What was the hardest part of leaving your jobs and striking out on your own?
The trajectory is less obvious, you become your own boss and have to take all the decisions.
What was the easiest?
SK: For me, it's having a real impact on this world. My parents are doctors, so I've always had this thing of wanting to give back. But I like fashion, so I felt very conflicted for a very long time. Now, we've got our company where we're a) helping kids read, b) creating jobs, and c) doing that all by ourselves.
How is AUrate revolutionizing the industry for the consumers’ benefit?
BS: We felt a true void in the marketplace, as we found it hard to find fine contemporary jewelry that was accessible. We realized that many fine jewelry brands have higher price points because of the wholesale markups and the customers’ lack of education about gold. For that reason, we decided to start a fine jewelry brand with a direct-to-consumer model, cutting out the middleman, empowering our customers, giving back in a transparent way and providing the same to better quality jewelry at a fair price without any concessions.

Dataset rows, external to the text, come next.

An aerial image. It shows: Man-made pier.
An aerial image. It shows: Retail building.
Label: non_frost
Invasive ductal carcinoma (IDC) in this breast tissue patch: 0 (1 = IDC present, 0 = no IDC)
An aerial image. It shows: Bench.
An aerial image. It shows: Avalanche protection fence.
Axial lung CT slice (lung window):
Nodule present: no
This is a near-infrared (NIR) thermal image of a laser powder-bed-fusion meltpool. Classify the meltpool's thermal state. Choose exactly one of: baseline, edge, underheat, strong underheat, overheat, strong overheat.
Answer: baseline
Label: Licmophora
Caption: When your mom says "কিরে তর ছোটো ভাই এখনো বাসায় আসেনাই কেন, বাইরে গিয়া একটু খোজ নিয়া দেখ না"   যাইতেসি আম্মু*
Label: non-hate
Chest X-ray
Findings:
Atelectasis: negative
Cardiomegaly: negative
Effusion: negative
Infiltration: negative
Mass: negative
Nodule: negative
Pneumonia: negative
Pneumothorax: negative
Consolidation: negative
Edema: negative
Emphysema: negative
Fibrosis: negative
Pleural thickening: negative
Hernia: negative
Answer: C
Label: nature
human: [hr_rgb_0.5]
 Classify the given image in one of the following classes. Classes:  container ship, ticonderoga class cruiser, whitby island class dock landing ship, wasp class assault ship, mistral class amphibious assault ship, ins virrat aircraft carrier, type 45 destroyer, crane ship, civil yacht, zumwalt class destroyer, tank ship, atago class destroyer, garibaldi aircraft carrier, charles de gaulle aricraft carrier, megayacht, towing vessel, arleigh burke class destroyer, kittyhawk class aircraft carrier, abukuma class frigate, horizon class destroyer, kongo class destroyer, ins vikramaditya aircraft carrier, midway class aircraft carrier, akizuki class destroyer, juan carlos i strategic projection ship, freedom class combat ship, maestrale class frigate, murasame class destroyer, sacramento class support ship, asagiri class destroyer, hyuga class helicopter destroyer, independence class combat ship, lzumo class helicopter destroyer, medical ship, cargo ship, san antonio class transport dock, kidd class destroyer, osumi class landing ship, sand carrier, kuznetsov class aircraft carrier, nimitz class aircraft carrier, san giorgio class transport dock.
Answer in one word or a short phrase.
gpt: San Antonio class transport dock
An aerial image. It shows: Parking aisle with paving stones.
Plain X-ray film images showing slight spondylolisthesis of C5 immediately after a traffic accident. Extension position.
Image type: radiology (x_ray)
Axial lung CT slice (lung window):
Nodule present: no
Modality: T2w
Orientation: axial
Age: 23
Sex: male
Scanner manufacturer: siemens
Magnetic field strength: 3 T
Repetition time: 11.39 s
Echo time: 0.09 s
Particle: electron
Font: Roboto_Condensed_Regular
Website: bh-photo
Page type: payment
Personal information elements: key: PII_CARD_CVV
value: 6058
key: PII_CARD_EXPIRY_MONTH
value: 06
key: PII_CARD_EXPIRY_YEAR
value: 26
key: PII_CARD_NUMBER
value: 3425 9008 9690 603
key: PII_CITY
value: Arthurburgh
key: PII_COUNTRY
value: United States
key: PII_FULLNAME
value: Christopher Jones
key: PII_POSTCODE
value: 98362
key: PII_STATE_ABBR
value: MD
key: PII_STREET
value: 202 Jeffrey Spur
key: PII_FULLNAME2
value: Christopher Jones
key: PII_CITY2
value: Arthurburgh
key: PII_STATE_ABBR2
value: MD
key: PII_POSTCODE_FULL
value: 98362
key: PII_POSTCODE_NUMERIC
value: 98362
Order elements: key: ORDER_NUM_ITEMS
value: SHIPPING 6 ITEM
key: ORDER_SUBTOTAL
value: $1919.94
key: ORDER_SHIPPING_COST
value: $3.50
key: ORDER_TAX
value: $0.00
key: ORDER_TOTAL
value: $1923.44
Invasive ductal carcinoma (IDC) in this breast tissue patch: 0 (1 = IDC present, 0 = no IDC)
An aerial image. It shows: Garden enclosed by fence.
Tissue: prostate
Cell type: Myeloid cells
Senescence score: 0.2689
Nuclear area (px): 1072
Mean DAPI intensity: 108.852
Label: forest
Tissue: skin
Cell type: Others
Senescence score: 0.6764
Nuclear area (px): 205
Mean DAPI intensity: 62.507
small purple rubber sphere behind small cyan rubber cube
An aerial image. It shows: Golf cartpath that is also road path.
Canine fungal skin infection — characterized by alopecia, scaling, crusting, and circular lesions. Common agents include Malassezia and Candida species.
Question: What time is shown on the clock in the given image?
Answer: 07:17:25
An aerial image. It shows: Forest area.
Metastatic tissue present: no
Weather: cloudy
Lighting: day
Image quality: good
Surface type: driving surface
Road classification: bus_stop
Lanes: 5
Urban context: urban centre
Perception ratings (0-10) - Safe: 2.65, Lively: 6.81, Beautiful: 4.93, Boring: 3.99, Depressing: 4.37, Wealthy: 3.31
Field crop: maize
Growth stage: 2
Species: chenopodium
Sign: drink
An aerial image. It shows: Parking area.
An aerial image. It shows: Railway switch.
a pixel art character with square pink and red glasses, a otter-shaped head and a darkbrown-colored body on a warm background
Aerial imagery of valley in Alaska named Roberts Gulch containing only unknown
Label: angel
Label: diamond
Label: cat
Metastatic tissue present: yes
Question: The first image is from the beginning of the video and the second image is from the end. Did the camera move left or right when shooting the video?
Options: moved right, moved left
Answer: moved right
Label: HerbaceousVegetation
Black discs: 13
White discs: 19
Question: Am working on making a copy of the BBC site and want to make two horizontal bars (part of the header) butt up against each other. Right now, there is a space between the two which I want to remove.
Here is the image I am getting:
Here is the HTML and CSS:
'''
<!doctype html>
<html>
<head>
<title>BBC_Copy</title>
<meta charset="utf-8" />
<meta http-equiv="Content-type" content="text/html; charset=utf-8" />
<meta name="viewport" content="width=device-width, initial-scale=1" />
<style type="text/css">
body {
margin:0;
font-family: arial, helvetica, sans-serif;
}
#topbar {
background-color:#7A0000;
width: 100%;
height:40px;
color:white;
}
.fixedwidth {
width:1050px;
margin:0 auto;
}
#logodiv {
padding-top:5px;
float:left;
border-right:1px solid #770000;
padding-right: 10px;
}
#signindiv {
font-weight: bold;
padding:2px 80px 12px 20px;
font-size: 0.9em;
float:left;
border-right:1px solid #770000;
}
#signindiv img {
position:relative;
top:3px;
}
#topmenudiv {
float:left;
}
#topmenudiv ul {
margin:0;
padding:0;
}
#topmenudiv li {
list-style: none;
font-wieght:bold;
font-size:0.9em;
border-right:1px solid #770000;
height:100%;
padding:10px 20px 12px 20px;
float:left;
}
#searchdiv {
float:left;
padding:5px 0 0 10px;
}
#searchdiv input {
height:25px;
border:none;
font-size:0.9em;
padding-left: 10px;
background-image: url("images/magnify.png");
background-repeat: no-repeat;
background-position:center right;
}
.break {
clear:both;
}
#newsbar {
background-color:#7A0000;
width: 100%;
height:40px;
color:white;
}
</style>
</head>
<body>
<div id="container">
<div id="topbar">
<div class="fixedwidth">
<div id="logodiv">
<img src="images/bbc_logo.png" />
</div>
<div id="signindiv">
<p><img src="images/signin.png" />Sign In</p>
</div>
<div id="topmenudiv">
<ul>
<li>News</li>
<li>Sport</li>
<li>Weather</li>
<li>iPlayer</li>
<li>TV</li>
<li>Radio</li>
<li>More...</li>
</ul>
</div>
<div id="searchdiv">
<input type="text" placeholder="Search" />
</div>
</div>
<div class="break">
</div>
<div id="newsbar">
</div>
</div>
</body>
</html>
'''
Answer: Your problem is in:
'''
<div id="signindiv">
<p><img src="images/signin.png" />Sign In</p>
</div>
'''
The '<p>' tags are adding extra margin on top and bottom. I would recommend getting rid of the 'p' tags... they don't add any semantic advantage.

What is your hope for the company?
BOTH: We believe that the new generation of consumers cares not only about the aesthetics of the product but also its quality, how it is made and what it stands for.
It is important that we invest ourselves in more than just beautiful jewelry and business growth but we also strongly believe that true corporate social responsibility is increasingly critical in this world– we’re hoping AUrate will lead by example in a much bigger impactful way in our industry.